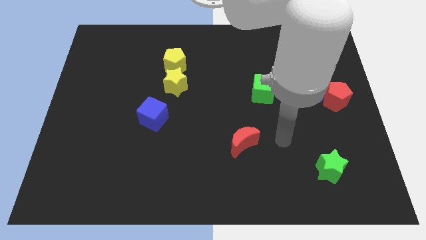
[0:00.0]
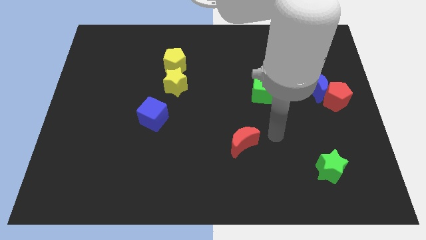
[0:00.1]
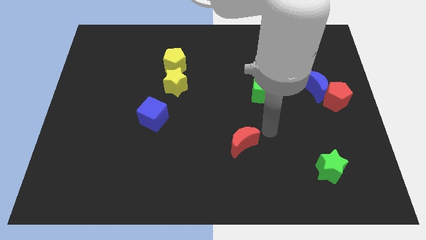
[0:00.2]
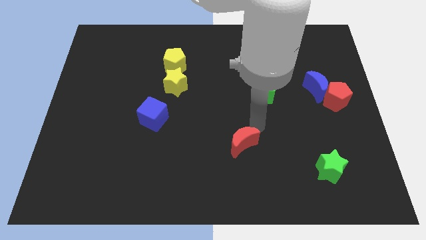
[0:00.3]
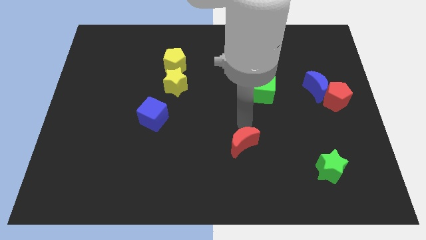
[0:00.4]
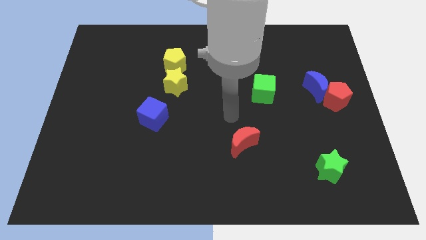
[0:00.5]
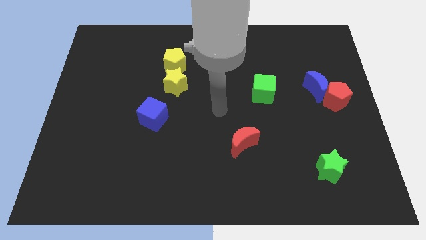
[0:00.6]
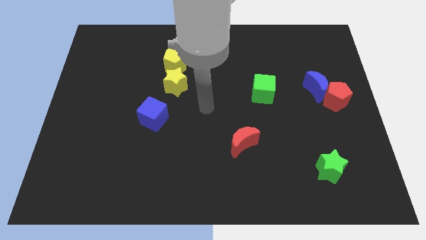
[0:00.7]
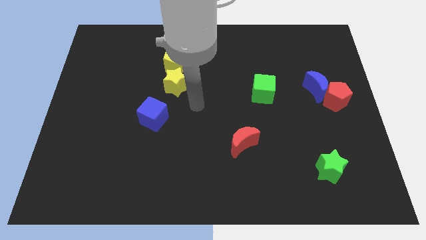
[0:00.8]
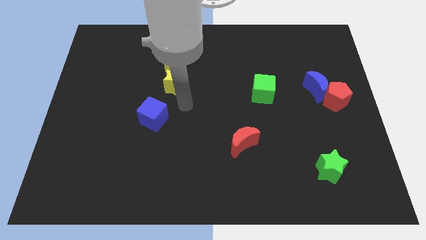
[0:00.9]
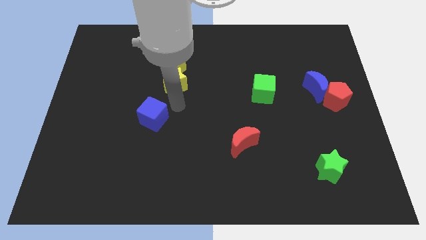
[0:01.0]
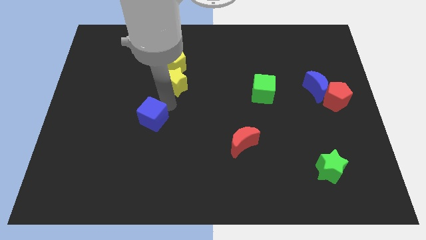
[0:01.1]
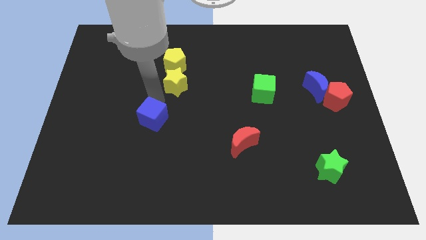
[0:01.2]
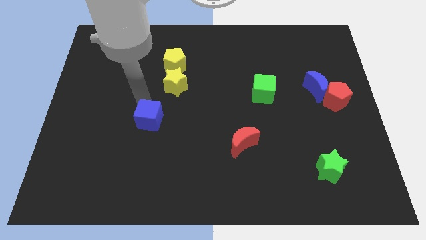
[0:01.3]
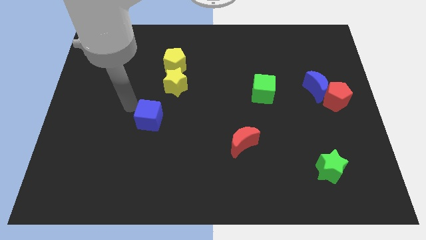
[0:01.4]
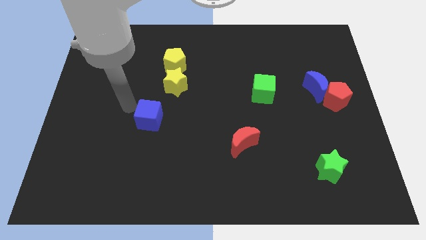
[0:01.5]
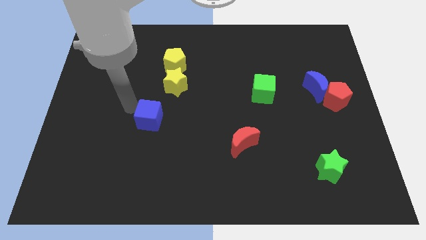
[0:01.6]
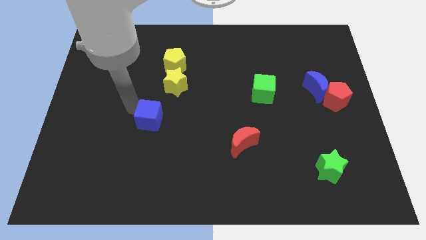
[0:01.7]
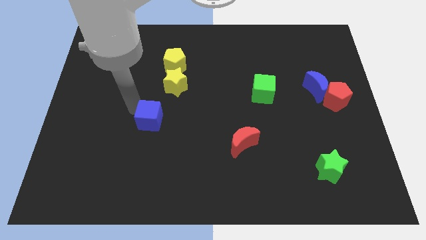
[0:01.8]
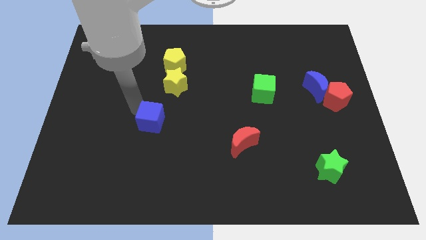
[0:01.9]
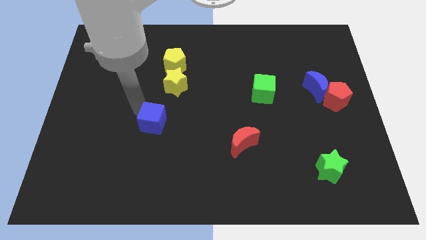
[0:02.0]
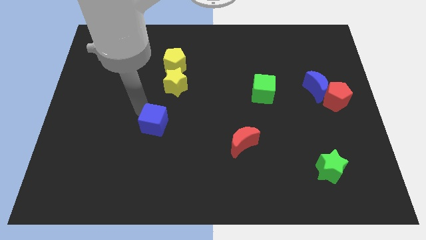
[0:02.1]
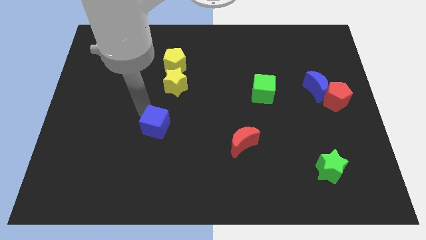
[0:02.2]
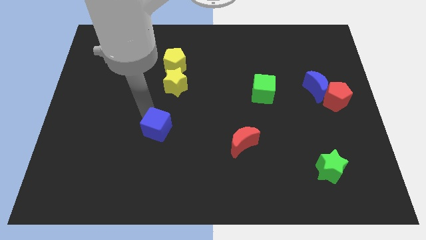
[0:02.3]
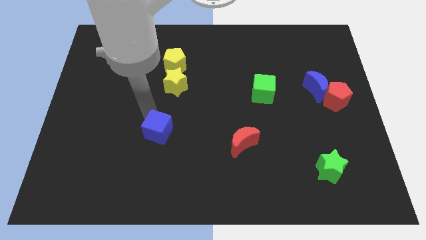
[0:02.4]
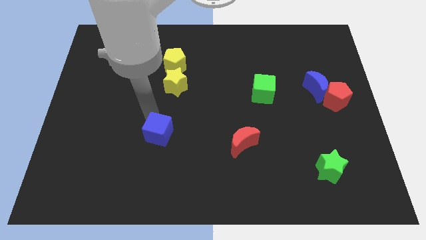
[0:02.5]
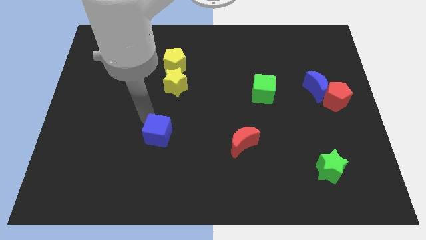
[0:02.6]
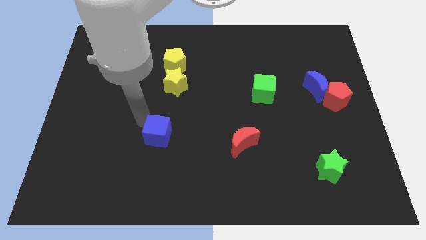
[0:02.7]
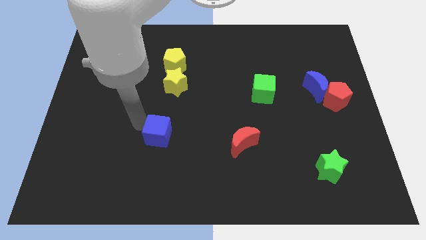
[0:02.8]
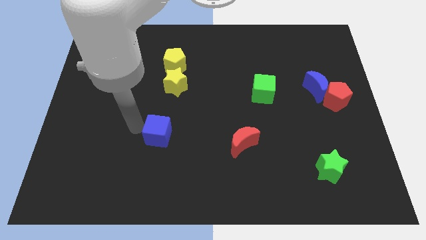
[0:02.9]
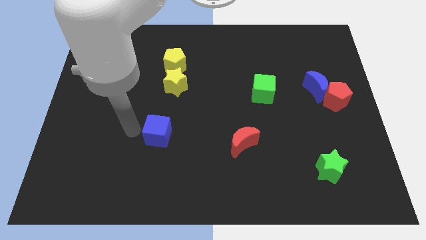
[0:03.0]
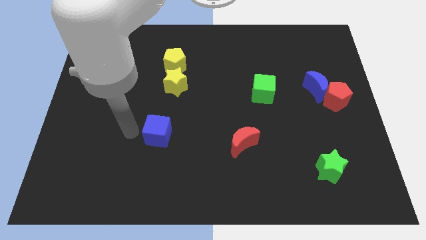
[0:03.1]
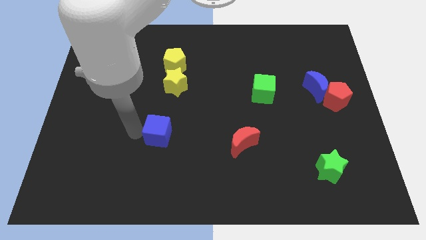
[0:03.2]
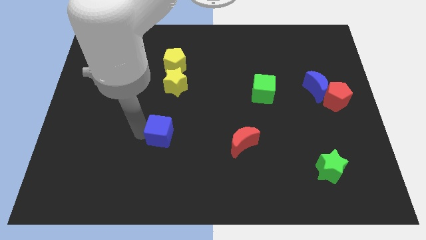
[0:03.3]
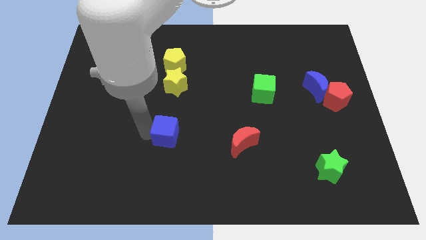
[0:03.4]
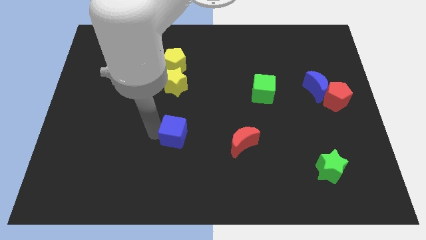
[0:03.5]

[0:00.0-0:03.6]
push the blue cube left of the red moon

——————————

PROMPT
Please retype the whole of the data precisely, omitting pictures.

EXERCISE SOLUTION
[0:00.0]
[0:00.1]
[0:00.2]
[0:00.3]
[0:00.4]
[0:00.5]
[0:00.6]
[0:00.7]
[0:00.8]
[0:00.9]
[0:01.0]
[0:01.1]
[0:01.2]
[0:01.3]
[0:01.4]
[0:01.5]
[0:01.6]
[0:01.7]
[0:01.8]
[0:01.9]
[0:02.0]
[0:02.1]
[0:02.2]
[0:02.3]
[0:02.4]
[0:02.5]
[0:02.6]
[0:02.7]
[0:02.8]
[0:02.9]
[0:03.0]
[0:03.1]
[0:03.2]
[0:03.3]
[0:03.4]
[0:03.5]

[0:00.0-0:03.6]
push the blue cube left of the red moon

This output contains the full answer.